Irina Garskova (Moscow Lomonossov university)
Labour recruiting policy and the Nobel Association of Oil Producers.
A Set of Dbase Language Programs for Studying Social Dynamics
This paper presents an approach to data base analysis originally developed in connection with labour history, one which in my view has broader relevance to more general methodological problems of data base creation and analysis. 1
For data about individuals we usually design a data base consisting of several files, according to the original structure of the source, and in this way, create a prosopographical database. The database comprises several files; the main file includes static data on name, date of birth, and so forth. Another files includes data about changes in different attributes, and therefore a single individual's identification number can be found in many records. Such dynamic files are connected with the main file by the key field - identification number.

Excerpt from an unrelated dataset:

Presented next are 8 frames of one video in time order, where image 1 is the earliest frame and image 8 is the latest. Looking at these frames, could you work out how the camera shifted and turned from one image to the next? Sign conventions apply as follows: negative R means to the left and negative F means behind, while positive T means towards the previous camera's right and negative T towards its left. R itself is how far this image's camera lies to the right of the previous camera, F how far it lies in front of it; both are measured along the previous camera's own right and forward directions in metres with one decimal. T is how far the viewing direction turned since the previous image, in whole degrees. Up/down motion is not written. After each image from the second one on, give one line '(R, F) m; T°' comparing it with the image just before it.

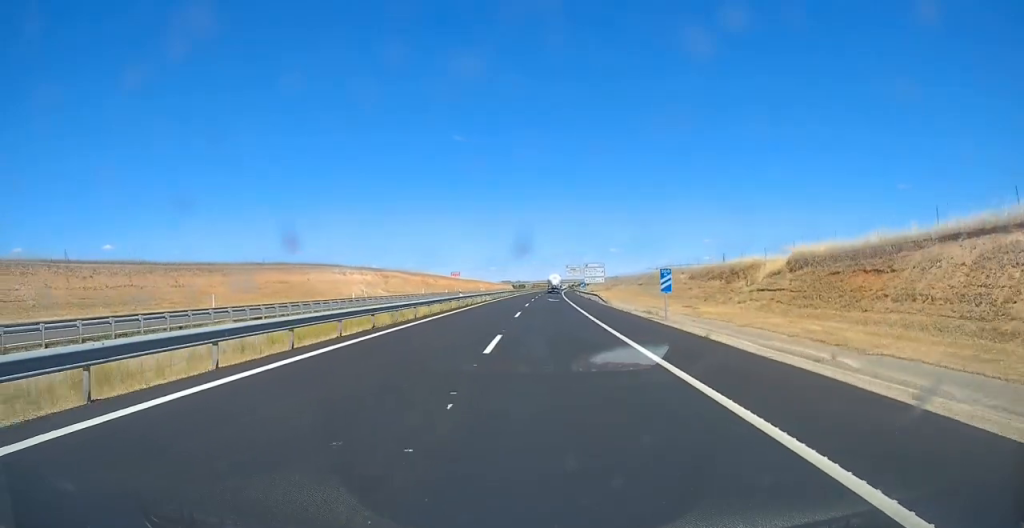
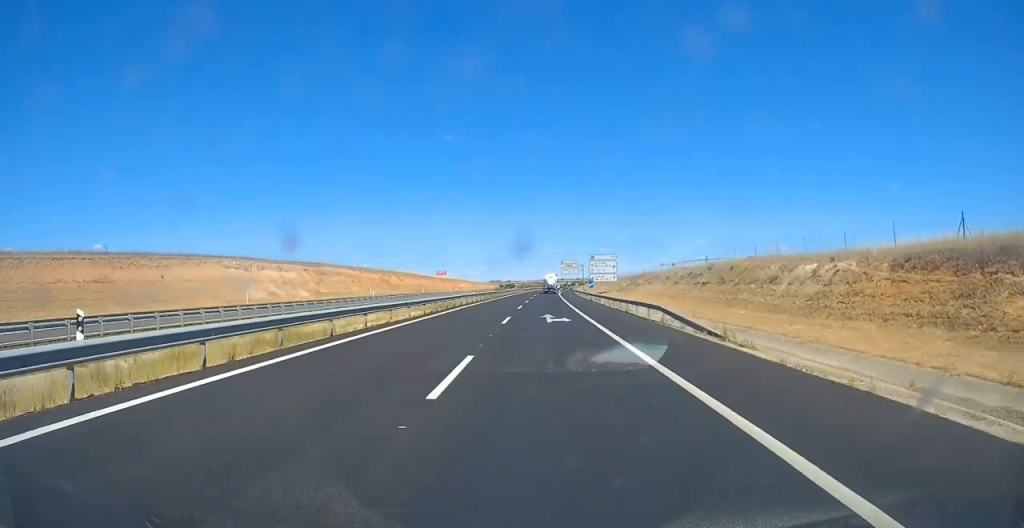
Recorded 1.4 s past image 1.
(+0.7, +39.5) m; +1°
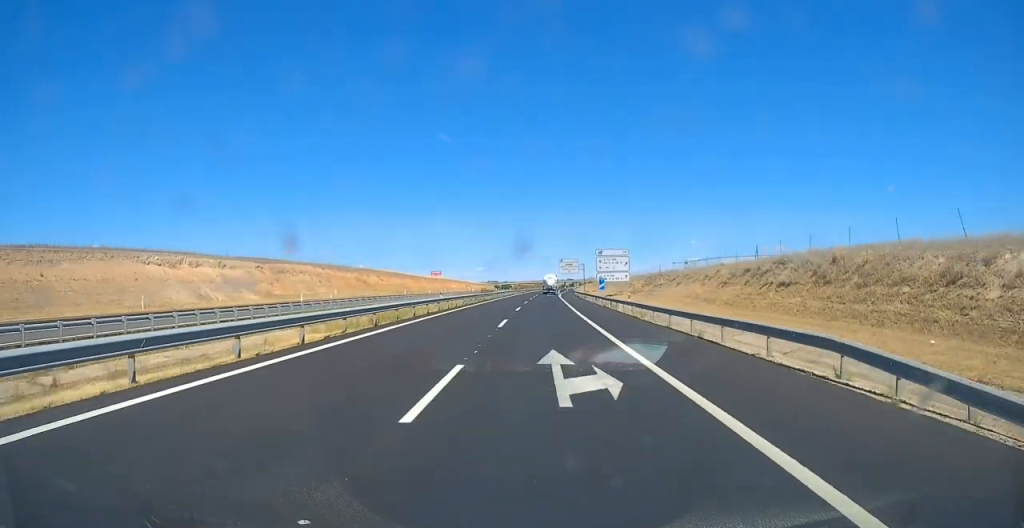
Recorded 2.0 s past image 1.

One approach for moving "from statistics to prosopography" (Verger 1989) begins with creating 'meta-sources' (Genet 1977) in family history, life history, and micro-history (Nygaard 1992; Schofield 1992). Here the most important methodological problems are nominal record linkage and name standardisation. My proposed approach is close to the reverse, "moving from prosopography to statistics", because it is more closely connected to the social history (Garskova 1994: see also Bulst 1990). So, in this case the prosopographical data base is not used for searching out information on individuals (we suppose this work has already been done); it forms the basis of statistical research on aggregated data for particular social, professional, age, national and other groups of individuals. Obviously, separate point corresponding several individuals do not cover any continuous time period, so we have to accumulate a lot of points (corresponding a group of individuals) to cover the interval.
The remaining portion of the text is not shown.